Member of the Seattle Port Commission Position 4
- In office January 1, 2018 – January 1, 2022
- Preceded by: Tom Albro
- Succeeded by: Toshiko Grace Hasegawa

President of the Seattle City Council
- In office January 3, 2002 – January 3, 2004
- Preceded by: Margaret Pageler
- Succeeded by: Jan Drago

Member of the Seattle City Council, Position 3
- In office November 4, 1997 – January 1, 2008
- Preceded by: Richard McIver
- Succeeded by: Bruce Harrell

Personal details
- Born: October 14, 1957 (age 68) Seattle, Washington, U.S.
- Party: Democratic Party formerly affiliated with the Green Party
- Relations: Victor Steinbrueck (father)
- Children: 2
- Education: Lakeside School
- Alma mater: Bowdoin College (BA) University of Washington (MArch)
- Occupation: Architect, politician

= Peter Steinbrueck =

American politician (born 1957)

Peter Steinbrueck (born October 14, 1957) is an American architect and politician from Seattle, Washington.

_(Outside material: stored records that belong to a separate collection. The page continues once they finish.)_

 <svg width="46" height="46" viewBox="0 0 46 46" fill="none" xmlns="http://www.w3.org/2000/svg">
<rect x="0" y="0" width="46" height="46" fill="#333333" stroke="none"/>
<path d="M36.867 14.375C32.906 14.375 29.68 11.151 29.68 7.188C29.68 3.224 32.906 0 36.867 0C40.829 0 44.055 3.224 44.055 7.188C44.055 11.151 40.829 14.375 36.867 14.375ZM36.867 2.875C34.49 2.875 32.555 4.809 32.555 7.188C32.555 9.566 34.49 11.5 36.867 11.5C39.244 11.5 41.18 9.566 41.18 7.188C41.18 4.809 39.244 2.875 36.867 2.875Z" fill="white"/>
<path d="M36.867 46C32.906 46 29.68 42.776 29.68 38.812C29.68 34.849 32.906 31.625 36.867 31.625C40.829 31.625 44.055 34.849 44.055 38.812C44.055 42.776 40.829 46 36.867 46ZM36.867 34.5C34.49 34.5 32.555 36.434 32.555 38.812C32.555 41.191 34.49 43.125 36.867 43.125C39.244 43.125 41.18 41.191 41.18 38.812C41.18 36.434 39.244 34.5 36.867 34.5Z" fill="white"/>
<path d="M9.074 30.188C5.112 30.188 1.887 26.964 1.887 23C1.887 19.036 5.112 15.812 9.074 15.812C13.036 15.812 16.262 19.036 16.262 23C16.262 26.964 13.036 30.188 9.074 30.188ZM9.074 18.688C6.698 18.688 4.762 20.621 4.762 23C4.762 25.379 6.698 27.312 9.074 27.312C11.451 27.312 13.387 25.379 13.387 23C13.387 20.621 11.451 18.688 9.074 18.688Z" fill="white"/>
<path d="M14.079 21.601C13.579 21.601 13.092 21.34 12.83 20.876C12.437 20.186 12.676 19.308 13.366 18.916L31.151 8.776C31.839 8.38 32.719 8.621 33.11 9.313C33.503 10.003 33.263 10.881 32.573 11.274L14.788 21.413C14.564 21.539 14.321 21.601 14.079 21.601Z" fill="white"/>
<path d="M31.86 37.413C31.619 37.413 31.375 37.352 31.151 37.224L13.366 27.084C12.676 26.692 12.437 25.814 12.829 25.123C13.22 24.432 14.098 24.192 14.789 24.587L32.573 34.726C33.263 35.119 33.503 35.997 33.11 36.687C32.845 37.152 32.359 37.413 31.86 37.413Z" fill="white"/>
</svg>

He is the principal and founder of Steinbrueck Urban Strategies and was a member of the Seattle City Council from 1997 to 2008. He also was a Seattle Port Commissioner from 2018 to 2022.

==Early life and education==
Steinbrueck was born and raised in Seattle and is the son of noted architect Victor Steinbrueck (1911–1985) and artist Elaine Pearl Worden. His parents divorced when he was young and he would live with his mother but spend time with his dad at protests to save Pike Place Market. He graduated from Lakeside School, received his bachelor of arts degree in government from Bowdoin College, and a master of architecture degree from the University of Washington College of Built Environments.

In the 1980s and '90s, Steinbrueck was a civil activist as a leading advocate and author of the Citizens Alternative Plan, focusing on limiting downtown building heights. The CAP campaign was partially fueled by the failure to preserve Westlake Park as open space, which was supported by his father Victor before he died in 1984.The CAP initiative came to the city for a vote and passed with 62% support, but the council put some restrictions on the initiative to protect it from court challenges.

==Political career==
===Seattle city council===
Steinbrueck was a Seattle City Council member, first elected to the council on November 4, 1997, and immediately sworn in to fill the unfinished term of John Manning. He ran for re-election in 1999 and 2003 winning both elections with 80% of the vote. He served as chair of the Housing and Human Services Committee in his first four years on the council, later the Parks, Education, and Libraries Committee, and in his final four years, he chaired the Urban Development and Planning Committee, served as council president from 2002 to 2003.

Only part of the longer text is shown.